Asymptomatic diverticulosis
High-fibre diet & increased H2O to bulk up stool
Acute diverticulitis
Antibiotics, analgesia & anti-inflammatories
I.V. fluids, possibly naso-gastric suction
Usually the inflammation resolves
SURGERY
Sometimes a temporary colostomy is required to rest the bowel
Also indicated to treat fistulae or bowel obstructions
What are haemorrhoids?
Internal haemorrhoid: varicosity of the superior rectal vein (proximal to pectinate line)
External haemorrhoid: varicosity affecting the perianal venous plexus (distal to pectinate line)
What are the classifications of haemorrhoids?
First degree
Vein is distended and may bleed, but remains internal
Second-degree
Prolapse during defecation, but spontaneously reduce
Third-degree & fourth-degree
Remain protruding after defecation
What is the aetiology of haemorrhoids?
Any factor that increases venous pressure can cause the vein wall to become distended
Low-fibre diet (most common cause)
Increased intraluminal pressure req’d to evacuate stool
Chronic cough, obesity, pregnancy, obstruction e.g. neoplasia
Inherited valve incompetence
INCIDENCE
Very common disorder – the incidence increases with age
UK: 50% of adults > 50 years
~300,000 Australians receive treatment for haemorrhoids/year
What are the clinical features of haemorrhoids?
Bright red bleeding common (noted around the stool/toilet paper)
Prolapse may be described
Pain: quality varies depending on location.. recall the n. supply of the anal canal
Dull vs. sharp
What are the complications of haemorrhoids?
Strangulation
Irreducible haemorrhoids compressed by anal sphincter
Patients with acute pain
Thrombosis: acute pain, tender swelling +/- infection, ulceration, gangrene
Healing with fibrosis: can result in skin tags and an increased risk for anal fissures
Persistent blood loss: iron deficiency anaemia
What is the management of haemorrhoids?
Rectal examination
Sigmoidoscopy/colonoscopy to exclude other causes of bleeding
Symptom relief
Oral or topical preparations (ointments, suppositories) to reduce pain &/or inflammation
Hydrocortisone/Cinchocaine Ointment
Corticosteroid combined with local anaesthetic
Increasing dietary fibre: reduces the need for surgical intervention
What is appendicitis?
DEFINITION: Inflammation of the appendix
INCIDENCE
Most common surgical emergency of the abdomen
Affects 7-12% of the population
Can develop at any age, peak age for diagnosis 20-30 years
What is the aetiology of appendicitis?
? Exact causative mechanism
Most common theory relates to obstruction of the lumen and consequent bacterial infection
Obstruction due to stool (faecolith), tumour or foreign body
What is the pathophysiology of appendicitis?
Obstruction of the lumen prevents proper drainage
As mucosal secretions continue, intraluminal pressure increases (decreases mucosal blood flow)

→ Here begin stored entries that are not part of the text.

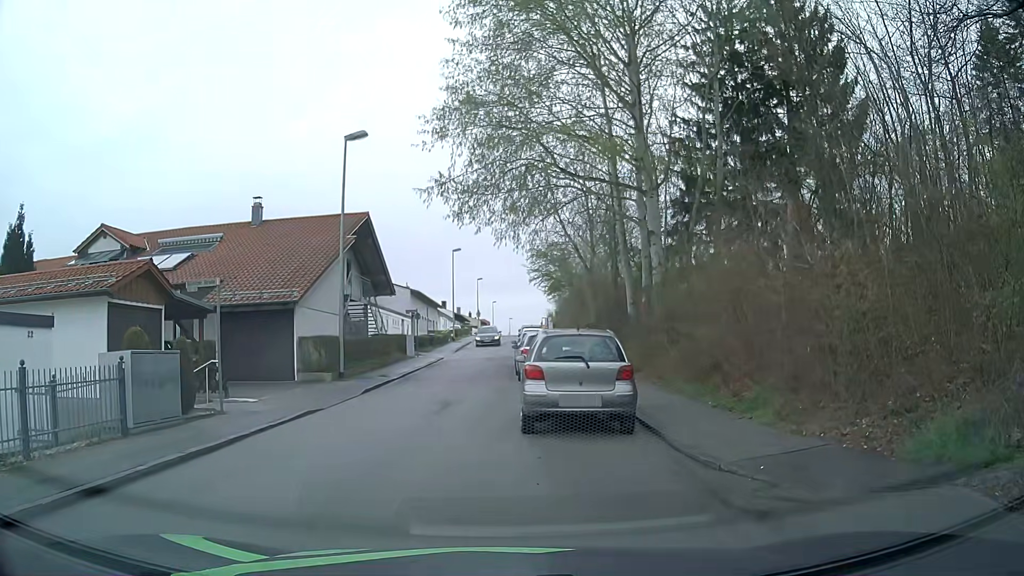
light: Day
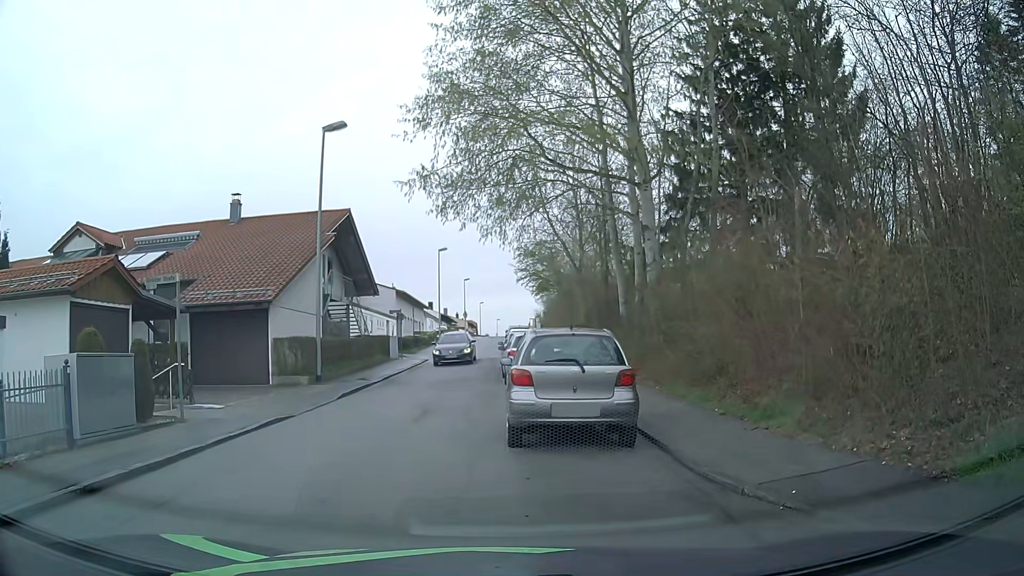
(0.0, +1.1) m; 0°
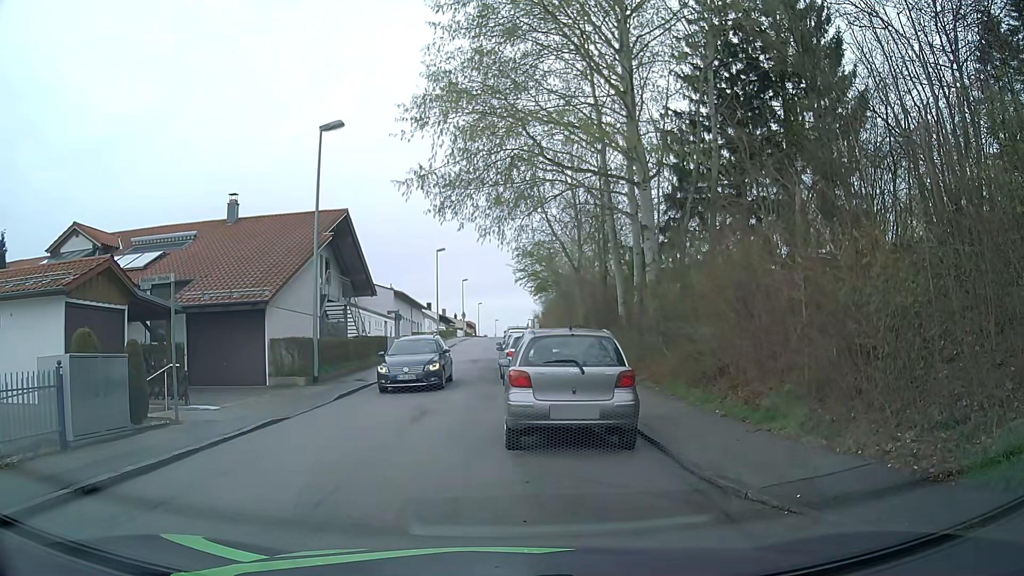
(0.0, +0.2) m; 0°
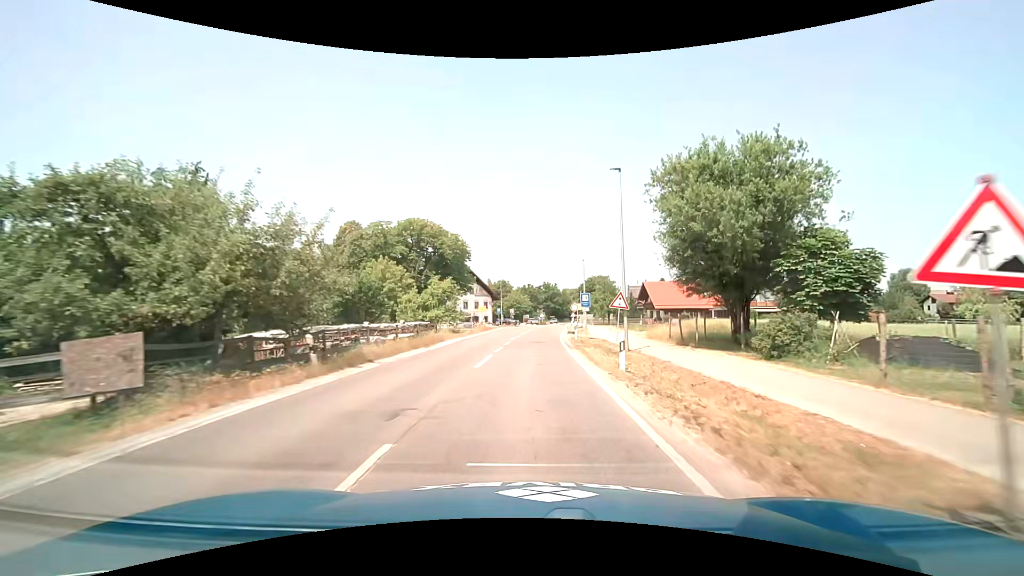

Hypoxia-induced ulceration promotes bacterial invasion & inflammation
Gangrene develops from thrombosis of the luminal blood vessels, followed by perforation of the appendix
Complications: Peritonitis, abscess formation
What are the clinical feature of appendicitis?
Abdominal pain
Initially vague, constant and felt in the gastric or peri-umbilical region
Increases over 3-4 hours
Visceral pain is replaced by intense somatic pain in the RLQ
Mediated by a different neural pathway (thoracoabdominal nerves)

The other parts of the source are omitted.